_Task requirements:_ Give again, word for word, every line in the entries below from the line with "Modality: T2w" up to and including the line with "Repetition time: 3.2 s", and no other line.

_Dataset extract:_

========================================

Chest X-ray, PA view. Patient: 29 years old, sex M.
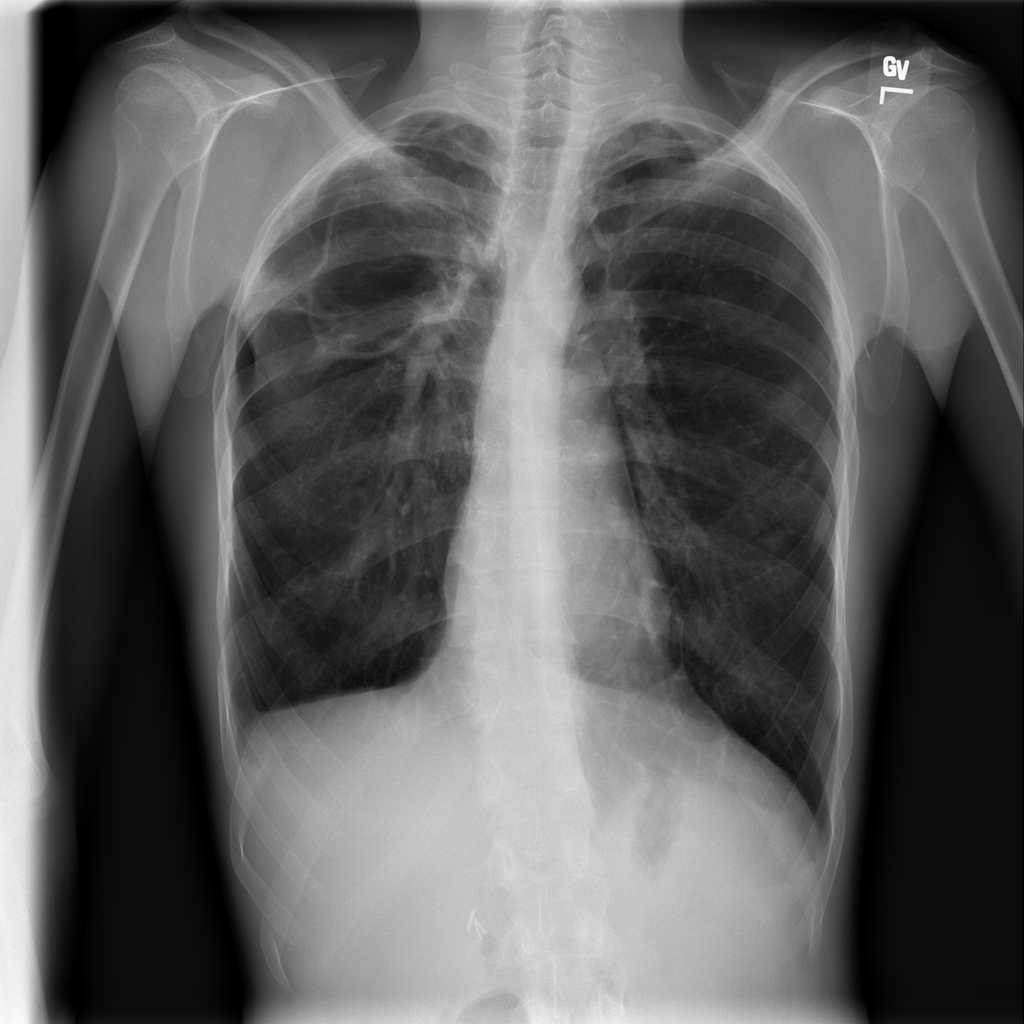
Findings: Fibrosis, Pleural_Thickening
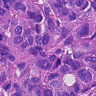
Metastatic tissue present: yes
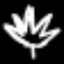
Label: leaf
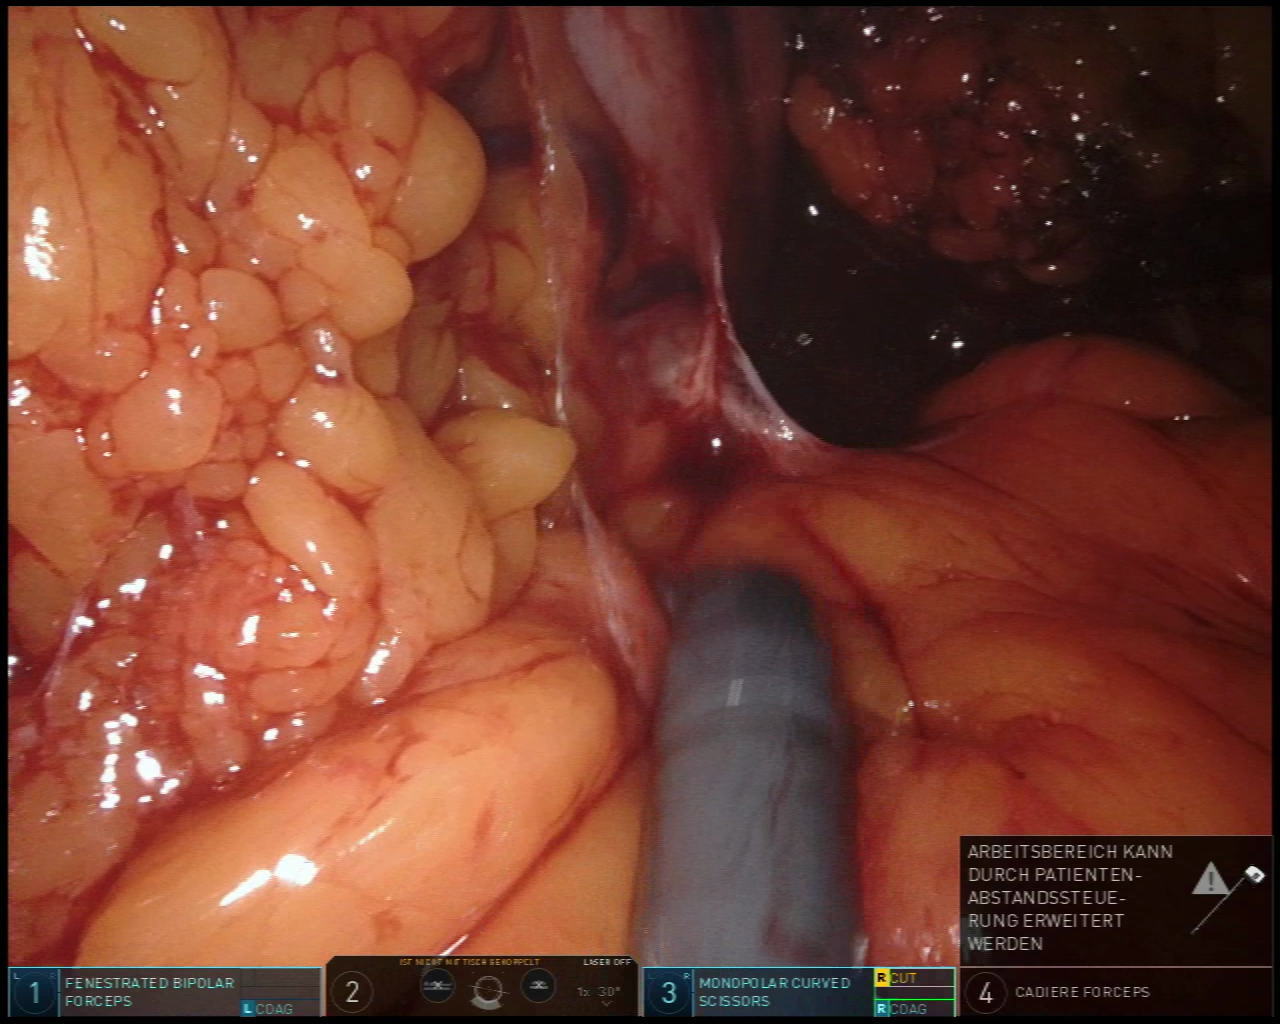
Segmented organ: stomach
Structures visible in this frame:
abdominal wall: no
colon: no
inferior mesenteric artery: no
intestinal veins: no
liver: no
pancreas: no
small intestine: no
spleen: no
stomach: yes
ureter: no
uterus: no
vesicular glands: no
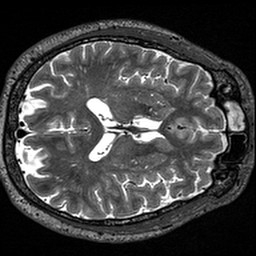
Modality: T2w
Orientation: axial
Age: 63
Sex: male
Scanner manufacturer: siemens
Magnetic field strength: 3 T
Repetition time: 3.2 s
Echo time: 0.567 s
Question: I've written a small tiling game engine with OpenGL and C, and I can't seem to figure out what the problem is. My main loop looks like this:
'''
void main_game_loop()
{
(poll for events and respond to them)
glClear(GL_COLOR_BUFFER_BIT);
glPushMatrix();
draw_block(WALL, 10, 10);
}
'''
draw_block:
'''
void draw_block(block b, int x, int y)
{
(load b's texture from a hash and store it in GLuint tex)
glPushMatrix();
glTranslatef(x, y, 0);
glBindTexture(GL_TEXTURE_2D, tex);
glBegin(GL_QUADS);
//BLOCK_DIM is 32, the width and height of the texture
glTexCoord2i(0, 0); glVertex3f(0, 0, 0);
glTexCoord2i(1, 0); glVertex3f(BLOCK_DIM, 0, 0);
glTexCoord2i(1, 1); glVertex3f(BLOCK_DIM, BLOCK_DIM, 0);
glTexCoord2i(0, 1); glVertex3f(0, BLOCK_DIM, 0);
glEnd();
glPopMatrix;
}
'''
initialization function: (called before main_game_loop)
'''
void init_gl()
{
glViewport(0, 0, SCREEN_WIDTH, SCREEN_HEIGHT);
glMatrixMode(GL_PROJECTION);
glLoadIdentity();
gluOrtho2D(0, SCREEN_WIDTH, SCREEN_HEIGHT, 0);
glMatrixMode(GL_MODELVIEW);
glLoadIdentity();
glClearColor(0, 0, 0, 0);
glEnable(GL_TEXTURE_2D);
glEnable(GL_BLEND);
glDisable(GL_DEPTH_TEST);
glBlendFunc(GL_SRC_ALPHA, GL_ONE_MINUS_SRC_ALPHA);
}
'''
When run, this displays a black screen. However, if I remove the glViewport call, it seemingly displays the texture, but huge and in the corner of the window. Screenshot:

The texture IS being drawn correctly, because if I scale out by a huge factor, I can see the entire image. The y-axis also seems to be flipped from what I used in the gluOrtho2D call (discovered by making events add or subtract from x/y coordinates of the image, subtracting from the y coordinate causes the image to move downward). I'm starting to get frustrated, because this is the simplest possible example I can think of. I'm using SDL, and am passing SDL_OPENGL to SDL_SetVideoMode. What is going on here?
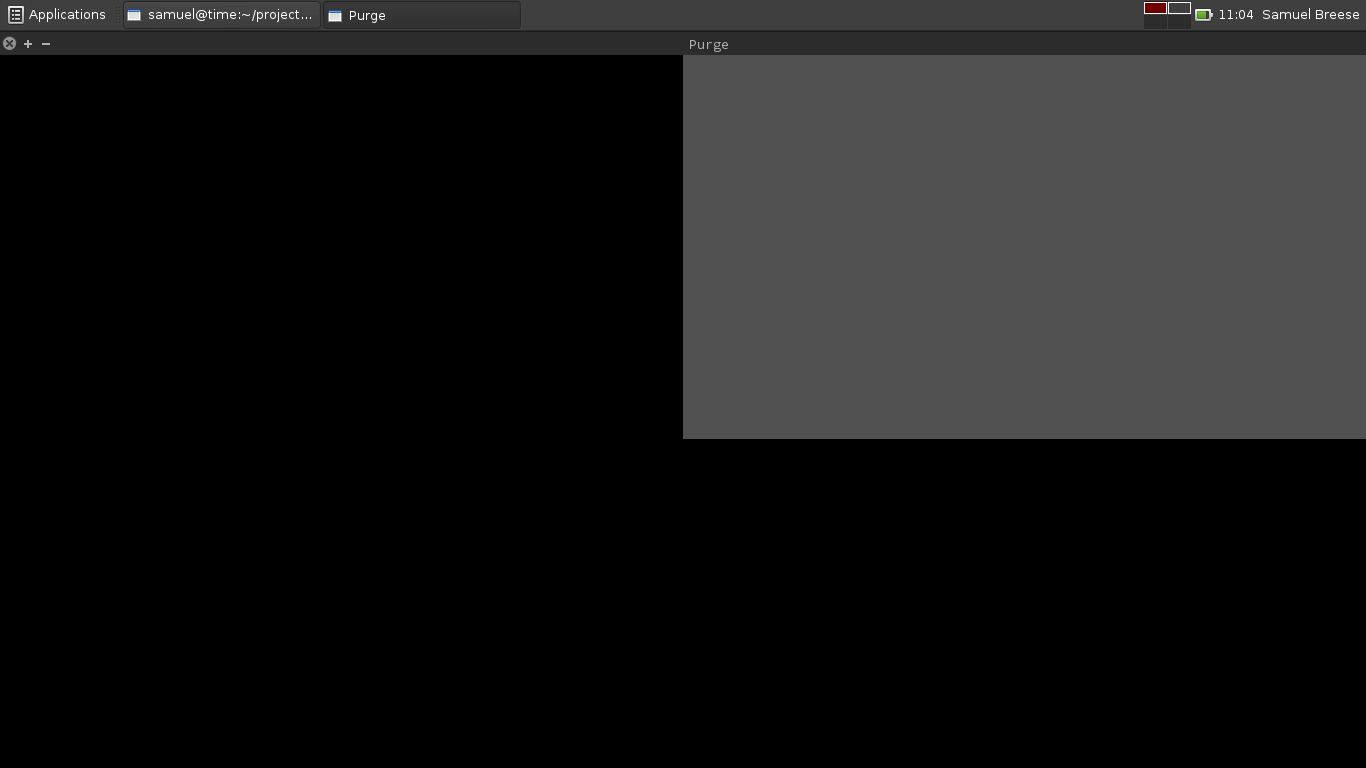
Answer: Looks like a problem with 'glViewport', but just to be sure, did you try clearing the color buffer to purple?
I've always thought of 'glViewport' as a video/windowing function, not actually part of OpenGL itself, because it is the intermediate between the window manager and the OpenGL subsystem, and it uses window coordinates. As such, you should probably look at it along with the other SDL video calls. I suggest updating the question with the full code, or at least with those parts relevant to the video/window subsystem.
Or is it that you omitted to call 'glViewport' after a resize?
You should also try your code without 'SDL_FULLSCREEN' and/or with a smaller window. I usually start with a 512x512 or 640x480 window until I get the viewport and some basic controls right.
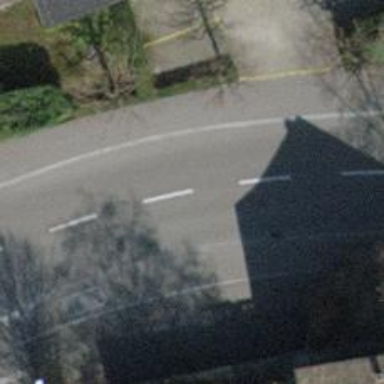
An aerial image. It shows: Tertiary road.
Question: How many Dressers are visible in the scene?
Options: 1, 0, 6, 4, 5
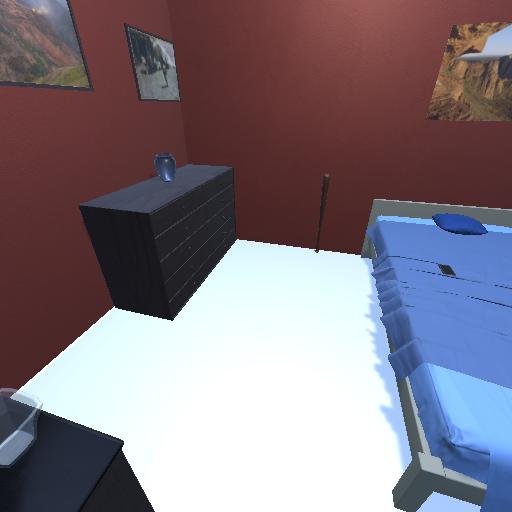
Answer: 1
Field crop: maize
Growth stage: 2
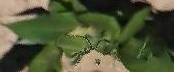
Species: maize
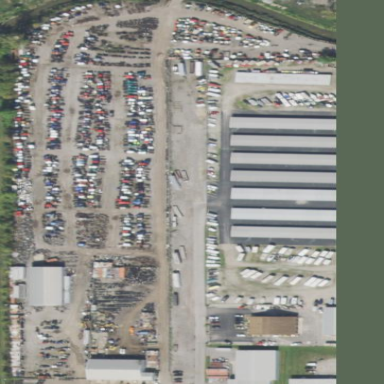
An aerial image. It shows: Scrap yard situated in industrial area.
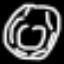
Label: donut
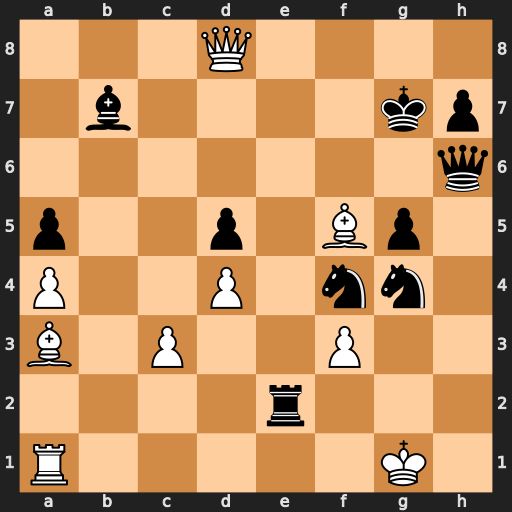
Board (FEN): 3Q4/1b4kp/7q/p2p1Bp1/P2P1nn1/B1P2P2/4r3/R5K1
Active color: w
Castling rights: -
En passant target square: -
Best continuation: Qf8#
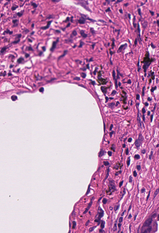
Tumor epithelial tissue: no
Tumor-associated stroma tissue: yes
Normal tissue: no
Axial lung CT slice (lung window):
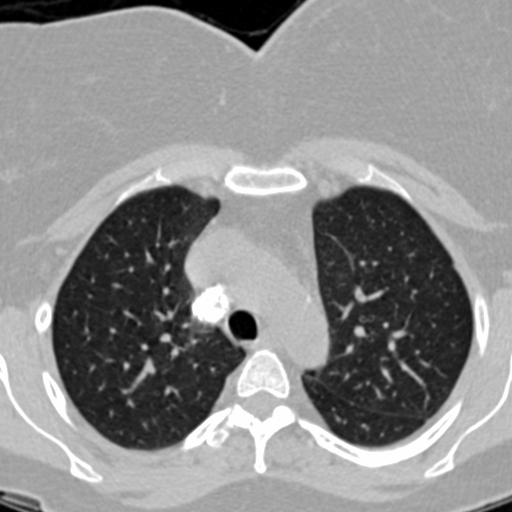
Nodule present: no
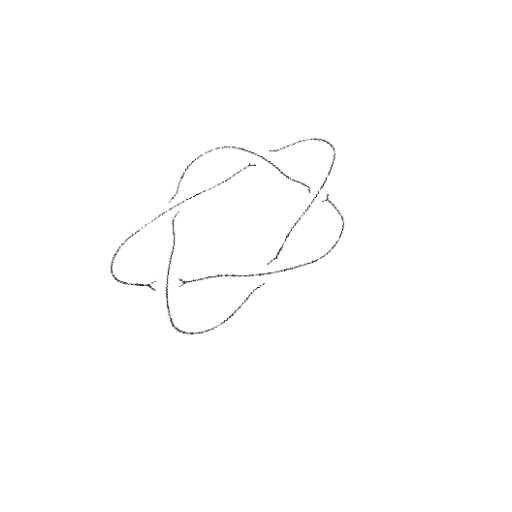
Crossing number: 5
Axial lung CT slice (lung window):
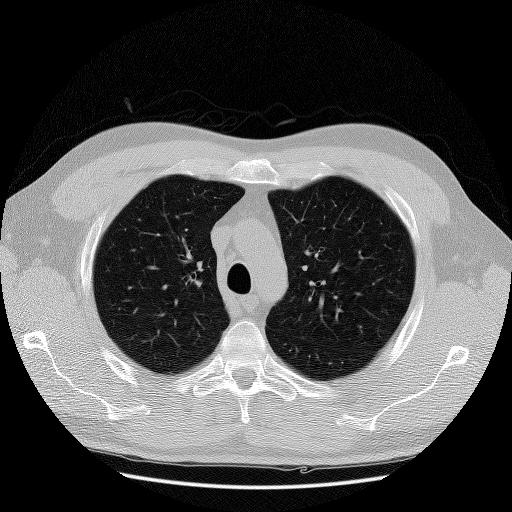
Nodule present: no
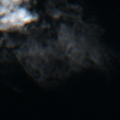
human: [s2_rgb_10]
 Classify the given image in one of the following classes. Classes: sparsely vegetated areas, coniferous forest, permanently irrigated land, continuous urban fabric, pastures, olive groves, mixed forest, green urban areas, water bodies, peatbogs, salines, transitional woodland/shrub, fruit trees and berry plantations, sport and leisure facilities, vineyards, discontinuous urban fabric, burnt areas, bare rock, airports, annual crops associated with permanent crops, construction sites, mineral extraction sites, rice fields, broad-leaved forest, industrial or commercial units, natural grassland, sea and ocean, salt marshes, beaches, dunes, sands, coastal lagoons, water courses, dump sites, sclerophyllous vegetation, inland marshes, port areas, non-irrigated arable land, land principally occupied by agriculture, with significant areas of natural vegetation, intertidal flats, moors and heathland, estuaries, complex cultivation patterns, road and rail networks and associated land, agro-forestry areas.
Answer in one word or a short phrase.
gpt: sea and ocean

========================================

_Output:_
Modality: T2w
Orientation: axial
Age: 63
Sex: male
Scanner manufacturer: siemens
Magnetic field strength: 3 T
Repetition time: 3.2 s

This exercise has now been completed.